■ **Aim of the exercise**
Copy out exactly the lines from the one with "The frame is 5.5 s after image 1." through the last line of the listing below, both included, but none of the pictures.

★ ★ ★ ★ ★ ★ ★

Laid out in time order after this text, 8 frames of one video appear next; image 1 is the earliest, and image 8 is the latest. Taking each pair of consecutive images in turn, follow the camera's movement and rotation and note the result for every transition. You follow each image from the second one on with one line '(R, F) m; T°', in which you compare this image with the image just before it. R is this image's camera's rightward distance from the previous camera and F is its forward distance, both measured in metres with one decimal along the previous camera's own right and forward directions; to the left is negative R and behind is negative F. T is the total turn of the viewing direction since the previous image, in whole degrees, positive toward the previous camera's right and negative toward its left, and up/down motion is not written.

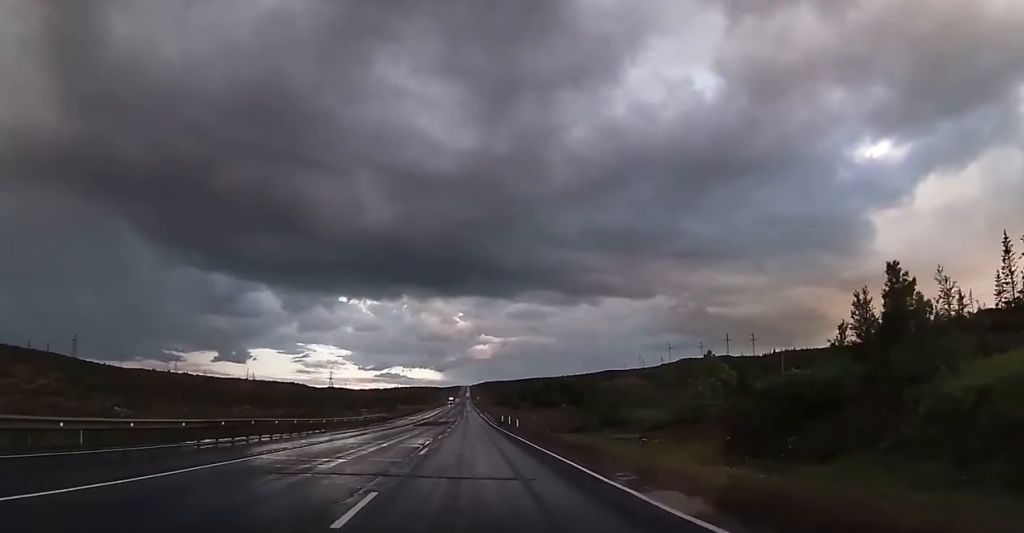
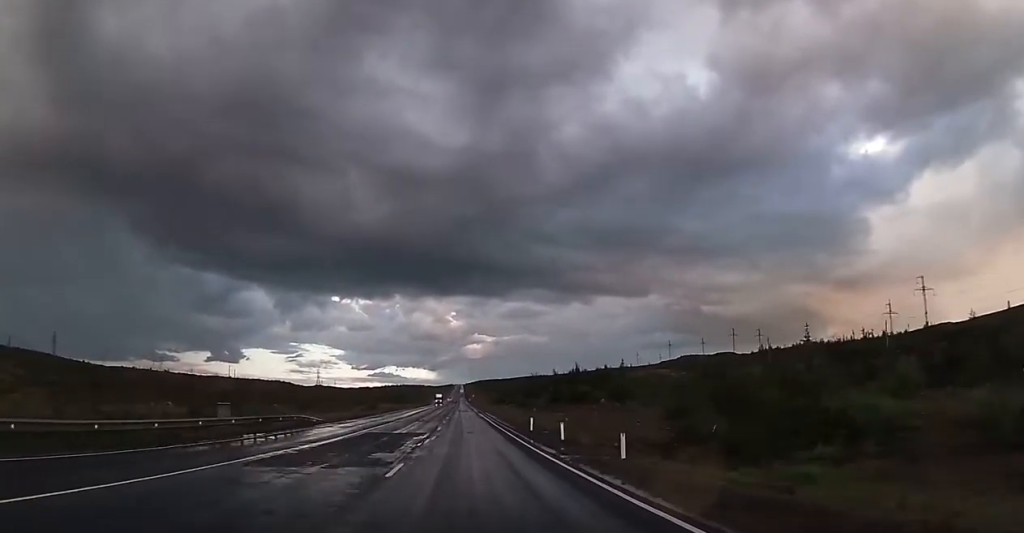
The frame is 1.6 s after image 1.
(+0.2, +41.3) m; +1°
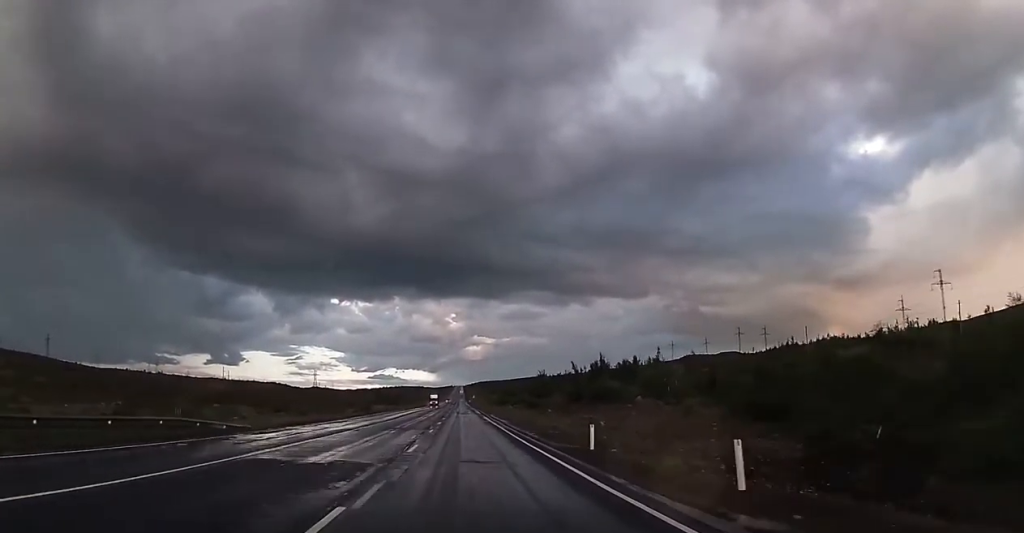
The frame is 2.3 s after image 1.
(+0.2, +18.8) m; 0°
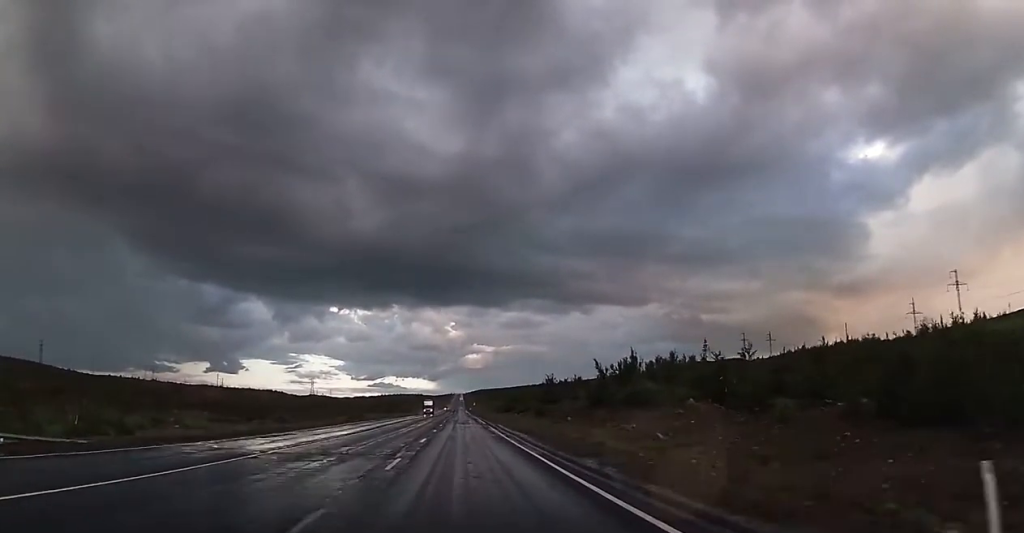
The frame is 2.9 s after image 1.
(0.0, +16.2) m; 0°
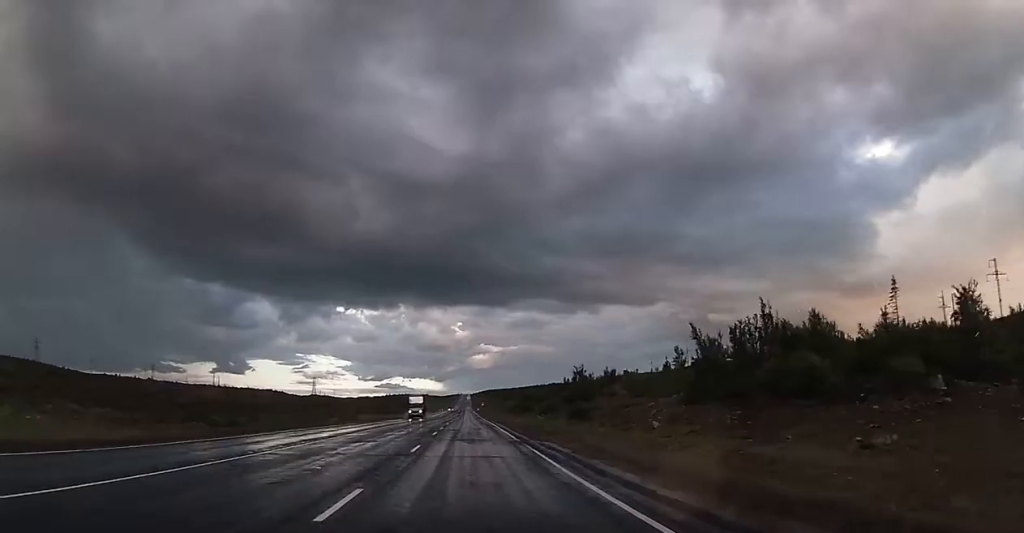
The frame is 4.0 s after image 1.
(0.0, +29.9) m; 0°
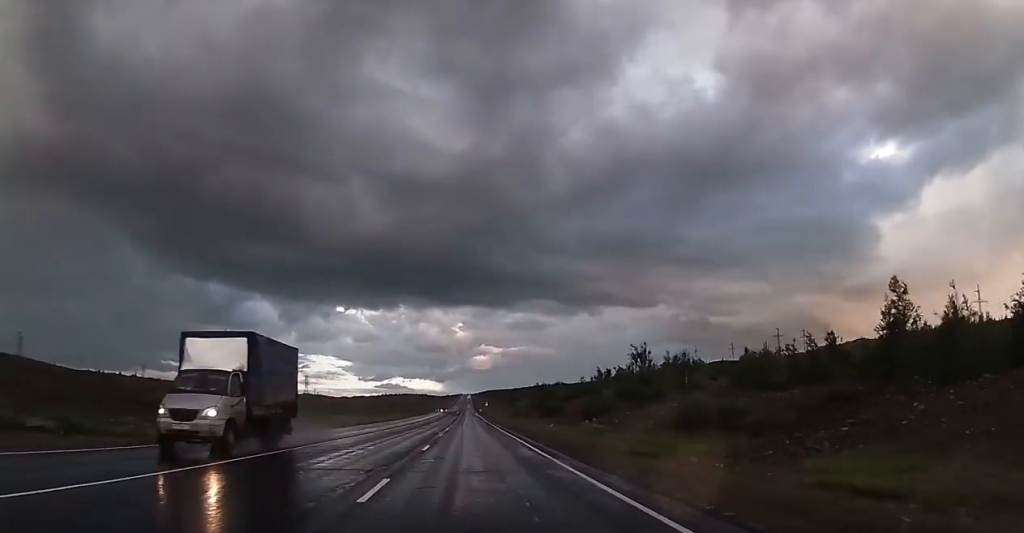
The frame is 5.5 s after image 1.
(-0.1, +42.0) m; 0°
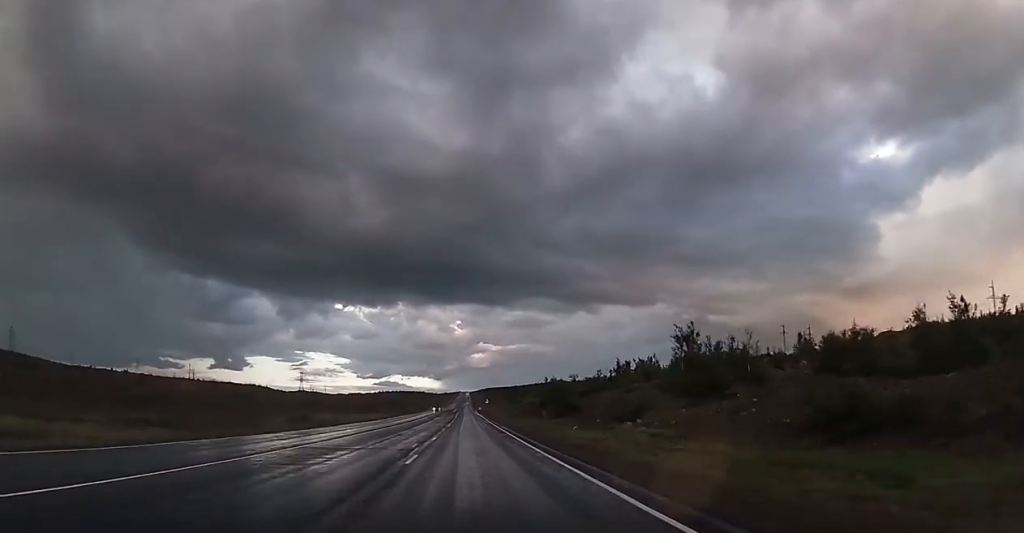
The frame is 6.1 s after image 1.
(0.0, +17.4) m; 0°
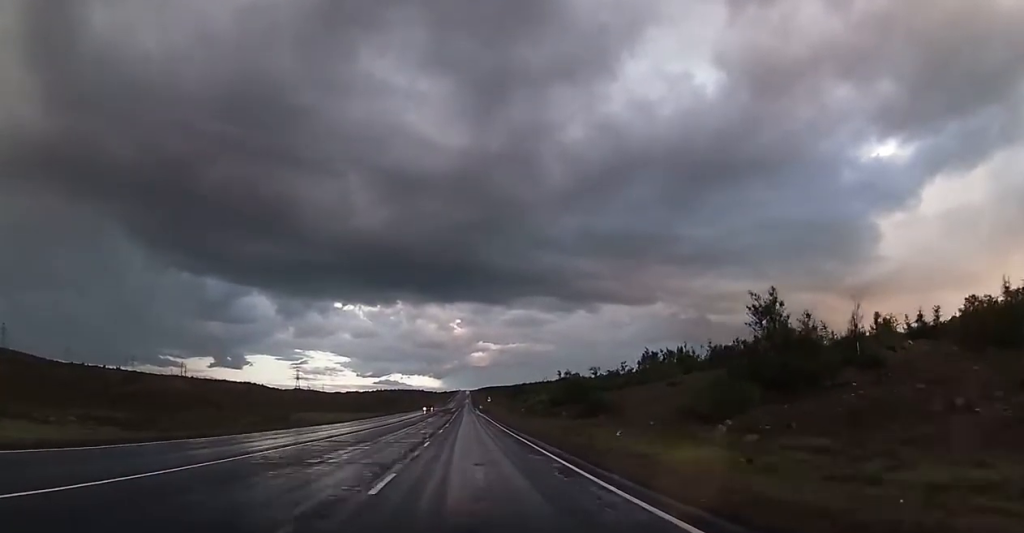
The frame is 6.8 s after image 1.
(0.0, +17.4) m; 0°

★ ★ ★ ★ ★ ★ ★

■ **Answer section**
The frame is 5.5 s after image 1.
(-0.1, +42.0) m; 0°
The frame is 6.1 s after image 1.
(0.0, +17.4) m; 0°
The frame is 6.8 s after image 1.
(0.0, +17.4) m; 0°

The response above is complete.